October 8, 2020
IRLI and network of attorneys show that illegal alien received adequate notice
WASHINGTON—At the invitation of the Board of Immigration Appeals (BIA), the Immigration Reform Law Institute (IRLI), on behalf of the Federation for American Immigration Reform (FAIR), has filed a brief in an appeal of an immigration judge’s order denying removal of an alien who did not show up for his asylum hearing.
As IRLI points out in its brief for FAIR, the government served the alien, who had been returned to Mexico to wait for his hearing, with notice of the hearing, and that notice is all that Congress requires. The government also provided the alien with directions about how to present himself at a port of entry for transportation to the hearing, but did not have a certificate stating that it had provided those directions. Finding the lack of a certificate unfair, the immigration judge denied removal.
In its brief, IRLI shows that, under Supreme Court precedent, due process for aliens crossing the border consists of whatever procedures Congress mandates. And Congress has only mandated a notice of hearing containing information, chiefly the time and place of the hearing, that was provided in this case. It has not mandated that the government provide aliens with directions to their hearings, or certify that it has, though in practice it does provide such directions to aliens waiting in Mexico. Thus, IRLI argues, the immigration judge overstepped his authority by grafting an extra requirement of a certificate onto the statute.

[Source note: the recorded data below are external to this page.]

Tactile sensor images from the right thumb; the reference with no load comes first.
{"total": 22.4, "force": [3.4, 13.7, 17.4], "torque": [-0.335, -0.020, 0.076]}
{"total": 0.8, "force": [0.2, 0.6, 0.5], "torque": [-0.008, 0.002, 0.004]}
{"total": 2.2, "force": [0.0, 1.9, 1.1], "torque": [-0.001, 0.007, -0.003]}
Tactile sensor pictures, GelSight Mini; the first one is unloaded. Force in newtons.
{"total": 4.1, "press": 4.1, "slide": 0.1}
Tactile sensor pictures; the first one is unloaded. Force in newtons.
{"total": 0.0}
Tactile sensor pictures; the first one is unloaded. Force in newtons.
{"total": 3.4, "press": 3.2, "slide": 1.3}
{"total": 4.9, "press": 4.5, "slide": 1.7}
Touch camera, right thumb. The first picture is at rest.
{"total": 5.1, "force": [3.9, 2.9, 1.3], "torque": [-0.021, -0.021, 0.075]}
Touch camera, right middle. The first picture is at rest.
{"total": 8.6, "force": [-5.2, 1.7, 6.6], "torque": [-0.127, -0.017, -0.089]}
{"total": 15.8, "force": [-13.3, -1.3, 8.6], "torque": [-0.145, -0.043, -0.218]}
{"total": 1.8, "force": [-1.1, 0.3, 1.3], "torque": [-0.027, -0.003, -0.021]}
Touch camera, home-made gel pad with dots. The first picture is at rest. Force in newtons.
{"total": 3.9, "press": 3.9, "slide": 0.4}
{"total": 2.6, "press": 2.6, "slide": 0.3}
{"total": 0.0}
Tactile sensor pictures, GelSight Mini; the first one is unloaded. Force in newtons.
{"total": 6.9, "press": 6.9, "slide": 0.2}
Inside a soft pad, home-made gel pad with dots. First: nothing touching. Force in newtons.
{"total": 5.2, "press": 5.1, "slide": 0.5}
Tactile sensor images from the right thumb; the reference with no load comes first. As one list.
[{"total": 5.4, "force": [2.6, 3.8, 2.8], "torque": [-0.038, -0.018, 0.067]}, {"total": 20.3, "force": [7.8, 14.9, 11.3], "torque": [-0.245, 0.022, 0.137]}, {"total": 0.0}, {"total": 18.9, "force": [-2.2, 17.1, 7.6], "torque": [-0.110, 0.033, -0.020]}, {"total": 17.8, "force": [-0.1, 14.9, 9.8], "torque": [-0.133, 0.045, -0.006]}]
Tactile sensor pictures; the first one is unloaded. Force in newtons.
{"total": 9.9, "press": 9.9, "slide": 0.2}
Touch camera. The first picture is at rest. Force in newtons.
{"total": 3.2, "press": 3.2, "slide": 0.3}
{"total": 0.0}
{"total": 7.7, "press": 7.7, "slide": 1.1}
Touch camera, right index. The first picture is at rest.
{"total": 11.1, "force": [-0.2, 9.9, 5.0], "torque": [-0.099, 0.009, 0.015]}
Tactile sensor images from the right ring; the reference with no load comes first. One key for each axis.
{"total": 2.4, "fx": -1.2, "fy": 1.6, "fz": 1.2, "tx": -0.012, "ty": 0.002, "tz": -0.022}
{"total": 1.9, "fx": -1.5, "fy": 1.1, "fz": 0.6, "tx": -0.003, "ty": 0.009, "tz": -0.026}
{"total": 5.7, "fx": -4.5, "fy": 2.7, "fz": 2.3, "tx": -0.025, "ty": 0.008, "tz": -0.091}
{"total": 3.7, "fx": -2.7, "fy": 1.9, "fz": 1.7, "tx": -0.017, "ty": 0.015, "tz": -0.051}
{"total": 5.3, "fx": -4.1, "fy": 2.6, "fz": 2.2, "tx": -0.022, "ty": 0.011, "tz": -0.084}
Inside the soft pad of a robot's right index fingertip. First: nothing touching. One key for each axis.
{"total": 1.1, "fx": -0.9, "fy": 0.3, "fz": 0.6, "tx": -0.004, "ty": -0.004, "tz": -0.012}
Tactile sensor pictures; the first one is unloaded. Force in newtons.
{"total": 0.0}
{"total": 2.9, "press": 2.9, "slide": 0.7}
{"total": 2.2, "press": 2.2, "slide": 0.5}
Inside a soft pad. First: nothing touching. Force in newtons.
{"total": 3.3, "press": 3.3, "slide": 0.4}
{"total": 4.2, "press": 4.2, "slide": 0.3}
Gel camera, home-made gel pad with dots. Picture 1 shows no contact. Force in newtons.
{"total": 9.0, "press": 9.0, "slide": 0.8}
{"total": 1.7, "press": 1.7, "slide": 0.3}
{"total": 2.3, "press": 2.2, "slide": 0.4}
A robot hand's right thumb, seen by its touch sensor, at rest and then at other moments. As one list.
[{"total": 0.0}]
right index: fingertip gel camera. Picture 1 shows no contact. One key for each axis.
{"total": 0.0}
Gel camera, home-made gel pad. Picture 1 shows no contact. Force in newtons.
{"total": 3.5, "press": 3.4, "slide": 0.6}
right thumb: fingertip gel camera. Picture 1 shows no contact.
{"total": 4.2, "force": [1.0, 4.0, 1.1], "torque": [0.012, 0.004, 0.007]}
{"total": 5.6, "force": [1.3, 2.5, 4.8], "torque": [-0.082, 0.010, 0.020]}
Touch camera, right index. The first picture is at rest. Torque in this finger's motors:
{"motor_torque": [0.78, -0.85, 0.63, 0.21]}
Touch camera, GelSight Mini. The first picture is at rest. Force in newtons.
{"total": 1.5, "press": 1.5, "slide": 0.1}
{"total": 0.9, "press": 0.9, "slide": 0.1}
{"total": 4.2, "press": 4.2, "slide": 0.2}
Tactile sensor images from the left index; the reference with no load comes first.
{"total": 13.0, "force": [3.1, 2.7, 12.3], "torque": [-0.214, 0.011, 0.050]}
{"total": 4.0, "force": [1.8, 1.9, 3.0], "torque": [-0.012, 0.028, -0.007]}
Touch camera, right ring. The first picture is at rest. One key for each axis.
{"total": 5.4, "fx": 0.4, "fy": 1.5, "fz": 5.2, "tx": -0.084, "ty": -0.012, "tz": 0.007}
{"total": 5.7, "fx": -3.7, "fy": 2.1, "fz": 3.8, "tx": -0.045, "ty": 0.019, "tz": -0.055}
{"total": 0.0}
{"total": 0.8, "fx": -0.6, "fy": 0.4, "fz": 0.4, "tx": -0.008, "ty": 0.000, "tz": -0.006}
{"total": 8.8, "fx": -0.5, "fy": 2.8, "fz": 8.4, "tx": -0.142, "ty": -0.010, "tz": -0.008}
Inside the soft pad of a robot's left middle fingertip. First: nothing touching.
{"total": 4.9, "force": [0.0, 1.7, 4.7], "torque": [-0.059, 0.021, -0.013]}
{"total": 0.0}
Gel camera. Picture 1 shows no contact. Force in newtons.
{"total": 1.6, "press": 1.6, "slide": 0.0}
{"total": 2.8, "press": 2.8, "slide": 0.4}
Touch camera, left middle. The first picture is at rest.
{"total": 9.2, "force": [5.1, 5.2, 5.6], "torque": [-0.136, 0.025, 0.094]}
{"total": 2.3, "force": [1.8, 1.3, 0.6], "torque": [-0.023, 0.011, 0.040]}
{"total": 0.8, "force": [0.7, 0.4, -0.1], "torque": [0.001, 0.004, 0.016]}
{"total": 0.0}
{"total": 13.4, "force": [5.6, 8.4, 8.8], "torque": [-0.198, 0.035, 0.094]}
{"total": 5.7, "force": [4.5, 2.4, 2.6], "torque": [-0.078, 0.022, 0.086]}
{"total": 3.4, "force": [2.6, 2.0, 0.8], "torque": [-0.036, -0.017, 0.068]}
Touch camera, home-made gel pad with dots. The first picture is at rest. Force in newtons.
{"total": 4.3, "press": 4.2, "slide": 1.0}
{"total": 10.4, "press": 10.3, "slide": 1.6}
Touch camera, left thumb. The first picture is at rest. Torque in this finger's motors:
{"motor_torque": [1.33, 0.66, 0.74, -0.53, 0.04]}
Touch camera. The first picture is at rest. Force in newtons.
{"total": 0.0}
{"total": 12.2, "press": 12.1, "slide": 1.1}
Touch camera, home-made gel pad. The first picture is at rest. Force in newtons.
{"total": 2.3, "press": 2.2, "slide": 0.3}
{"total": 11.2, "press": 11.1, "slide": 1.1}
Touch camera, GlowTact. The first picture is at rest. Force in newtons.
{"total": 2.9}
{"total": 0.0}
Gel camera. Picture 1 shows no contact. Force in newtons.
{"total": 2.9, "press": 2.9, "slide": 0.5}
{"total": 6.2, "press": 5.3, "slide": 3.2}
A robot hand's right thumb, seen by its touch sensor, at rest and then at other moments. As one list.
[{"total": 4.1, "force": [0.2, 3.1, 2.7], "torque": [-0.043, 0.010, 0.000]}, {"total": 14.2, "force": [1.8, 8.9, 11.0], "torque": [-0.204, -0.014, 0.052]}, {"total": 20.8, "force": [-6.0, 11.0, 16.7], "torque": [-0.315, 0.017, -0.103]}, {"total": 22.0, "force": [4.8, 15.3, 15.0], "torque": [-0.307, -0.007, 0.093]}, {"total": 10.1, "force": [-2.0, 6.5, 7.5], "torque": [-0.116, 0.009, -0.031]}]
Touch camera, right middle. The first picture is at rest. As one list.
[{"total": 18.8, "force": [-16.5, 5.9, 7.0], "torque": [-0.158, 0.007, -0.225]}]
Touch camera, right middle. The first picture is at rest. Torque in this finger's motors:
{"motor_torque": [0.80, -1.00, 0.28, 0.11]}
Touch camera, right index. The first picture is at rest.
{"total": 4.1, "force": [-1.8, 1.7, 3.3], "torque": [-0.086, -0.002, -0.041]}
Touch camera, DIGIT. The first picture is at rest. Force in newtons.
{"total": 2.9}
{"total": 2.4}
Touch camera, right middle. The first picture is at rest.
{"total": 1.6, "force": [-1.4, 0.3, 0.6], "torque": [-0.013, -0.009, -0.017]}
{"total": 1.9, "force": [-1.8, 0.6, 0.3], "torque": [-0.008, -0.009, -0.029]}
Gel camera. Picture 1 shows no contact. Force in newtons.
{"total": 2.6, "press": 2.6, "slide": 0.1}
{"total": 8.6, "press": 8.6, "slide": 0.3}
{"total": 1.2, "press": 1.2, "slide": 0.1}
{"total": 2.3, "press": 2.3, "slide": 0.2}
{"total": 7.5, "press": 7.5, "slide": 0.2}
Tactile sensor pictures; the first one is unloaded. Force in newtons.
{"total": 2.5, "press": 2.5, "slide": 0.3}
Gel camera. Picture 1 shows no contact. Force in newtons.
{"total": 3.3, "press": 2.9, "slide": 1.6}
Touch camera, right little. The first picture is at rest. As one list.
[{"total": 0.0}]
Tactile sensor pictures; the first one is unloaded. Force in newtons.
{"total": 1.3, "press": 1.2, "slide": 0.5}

Attorneys United for a Secure America (AUSA), a national network of attorneys seeking to improve immigration law enforcement, also filed a brief in the case. The AUSA brief emphasized the lack of any statutory basis for the immigration judge’s decision. AUSA is a project of IRLI.
“Many aliens returned to Mexico to wait for their asylum hearings do not really want asylum hearings,” said Dale L. Wilcox, executive director and general counsel of IRLI. “What they wanted was to disappear into the United States to ‘wait’ for their hearings—at which they would never show up—here. Thankfully, that strategy has been thwarted by the administration’s Wait in Mexico policy. It would be useless to make the government re-serve the alien in this case with information he has already received, only to have him not show up again. We hope the BIA does not impose this policy, which would beyond its authority, too, and reverses this immigration judge.”
The case is Amicus Invitation No. 20-04-09 (BIA).